◆ **Work task**
Search the listing below for the line containing "A can be achieved". From there through the line containing "Table VII gives", transcribe every line exactly, both ends included.

━━ Data records

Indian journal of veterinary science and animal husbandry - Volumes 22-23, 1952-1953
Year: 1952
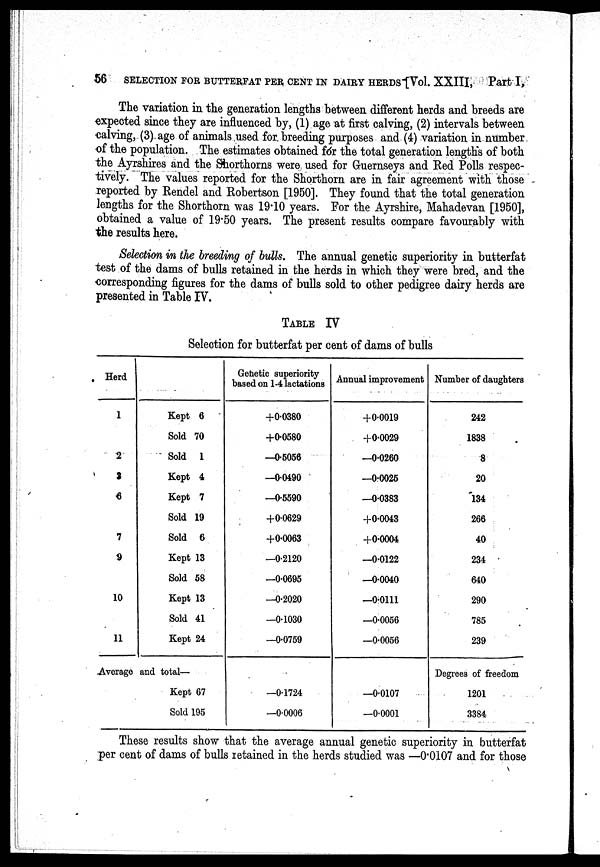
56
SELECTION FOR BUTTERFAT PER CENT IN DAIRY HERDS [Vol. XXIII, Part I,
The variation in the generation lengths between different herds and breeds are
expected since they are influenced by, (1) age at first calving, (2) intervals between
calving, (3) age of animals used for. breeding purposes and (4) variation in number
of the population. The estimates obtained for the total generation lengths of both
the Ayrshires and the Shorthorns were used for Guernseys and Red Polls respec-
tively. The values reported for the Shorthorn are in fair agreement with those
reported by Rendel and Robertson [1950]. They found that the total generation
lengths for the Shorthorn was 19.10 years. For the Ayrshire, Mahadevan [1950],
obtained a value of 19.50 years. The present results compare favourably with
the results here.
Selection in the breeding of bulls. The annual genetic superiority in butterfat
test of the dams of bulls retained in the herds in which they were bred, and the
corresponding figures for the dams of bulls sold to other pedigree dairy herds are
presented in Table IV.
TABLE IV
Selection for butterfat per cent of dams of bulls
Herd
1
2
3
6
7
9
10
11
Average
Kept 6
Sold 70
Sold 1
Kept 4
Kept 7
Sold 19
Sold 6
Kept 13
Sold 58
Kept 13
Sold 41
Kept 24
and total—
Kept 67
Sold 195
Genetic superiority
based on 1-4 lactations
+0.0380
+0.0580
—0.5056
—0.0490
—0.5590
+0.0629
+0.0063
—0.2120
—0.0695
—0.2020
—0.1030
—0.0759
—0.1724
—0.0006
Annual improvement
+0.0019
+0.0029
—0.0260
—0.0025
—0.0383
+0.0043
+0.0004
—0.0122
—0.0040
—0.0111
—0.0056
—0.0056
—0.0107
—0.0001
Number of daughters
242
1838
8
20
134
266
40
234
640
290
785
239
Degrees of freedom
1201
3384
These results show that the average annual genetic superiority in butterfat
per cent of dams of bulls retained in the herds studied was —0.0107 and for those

━━━━
━━ Data records

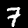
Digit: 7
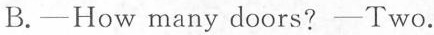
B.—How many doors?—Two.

━━━━
━━ Data records

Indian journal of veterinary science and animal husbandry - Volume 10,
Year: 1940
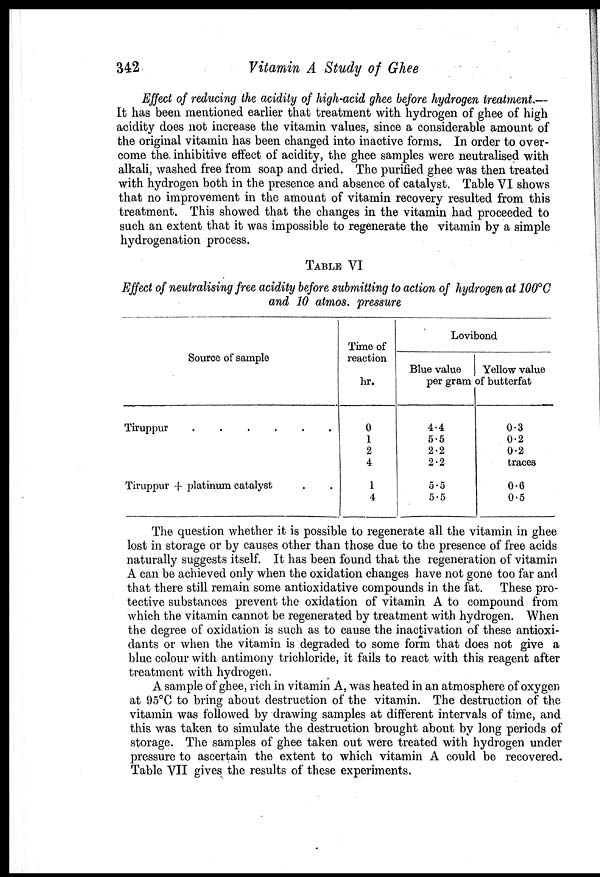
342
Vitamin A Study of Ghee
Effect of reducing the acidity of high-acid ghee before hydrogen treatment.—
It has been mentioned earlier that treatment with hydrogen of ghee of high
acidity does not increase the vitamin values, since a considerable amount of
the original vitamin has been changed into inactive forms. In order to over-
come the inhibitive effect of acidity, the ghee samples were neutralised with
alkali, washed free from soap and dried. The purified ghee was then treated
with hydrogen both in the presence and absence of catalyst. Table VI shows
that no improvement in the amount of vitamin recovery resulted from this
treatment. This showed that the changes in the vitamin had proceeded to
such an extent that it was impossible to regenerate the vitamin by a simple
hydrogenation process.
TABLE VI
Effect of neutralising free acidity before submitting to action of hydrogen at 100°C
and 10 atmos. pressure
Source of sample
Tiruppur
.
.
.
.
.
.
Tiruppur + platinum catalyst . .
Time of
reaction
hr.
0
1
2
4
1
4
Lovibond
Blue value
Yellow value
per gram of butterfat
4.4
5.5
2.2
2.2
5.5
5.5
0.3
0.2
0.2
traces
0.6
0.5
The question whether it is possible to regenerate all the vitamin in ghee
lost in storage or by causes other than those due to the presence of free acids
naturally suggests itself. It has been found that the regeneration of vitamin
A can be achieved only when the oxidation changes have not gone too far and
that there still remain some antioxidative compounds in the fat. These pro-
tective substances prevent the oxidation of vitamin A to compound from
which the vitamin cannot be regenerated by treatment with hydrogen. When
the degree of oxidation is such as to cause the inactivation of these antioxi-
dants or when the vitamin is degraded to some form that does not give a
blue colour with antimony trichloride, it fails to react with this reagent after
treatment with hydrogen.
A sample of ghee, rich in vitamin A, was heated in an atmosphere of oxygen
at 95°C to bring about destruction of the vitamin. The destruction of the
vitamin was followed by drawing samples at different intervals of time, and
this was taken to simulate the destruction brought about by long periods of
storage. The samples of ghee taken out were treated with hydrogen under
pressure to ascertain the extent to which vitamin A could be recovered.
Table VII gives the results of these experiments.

━━━━

◆ **Answer to the problem**
A can be achieved only when the oxidation changes have not gone too far and
that there still remain some antioxidative compounds in the fat. These pro-
tective substances prevent the oxidation of vitamin A to compound from
which the vitamin cannot be regenerated by treatment with hydrogen. When
the degree of oxidation is such as to cause the inactivation of these antioxi-
dants or when the vitamin is degraded to some form that does not give a
blue colour with antimony trichloride, it fails to react with this reagent after
treatment with hydrogen.
A sample of ghee, rich in vitamin A, was heated in an atmosphere of oxygen
at 95°C to bring about destruction of the vitamin. The destruction of the
vitamin was followed by drawing samples at different intervals of time, and
this was taken to simulate the destruction brought about by long periods of
storage. The samples of ghee taken out were treated with hydrogen under
pressure to ascertain the extent to which vitamin A could be recovered.
Table VII gives the results of these experiments.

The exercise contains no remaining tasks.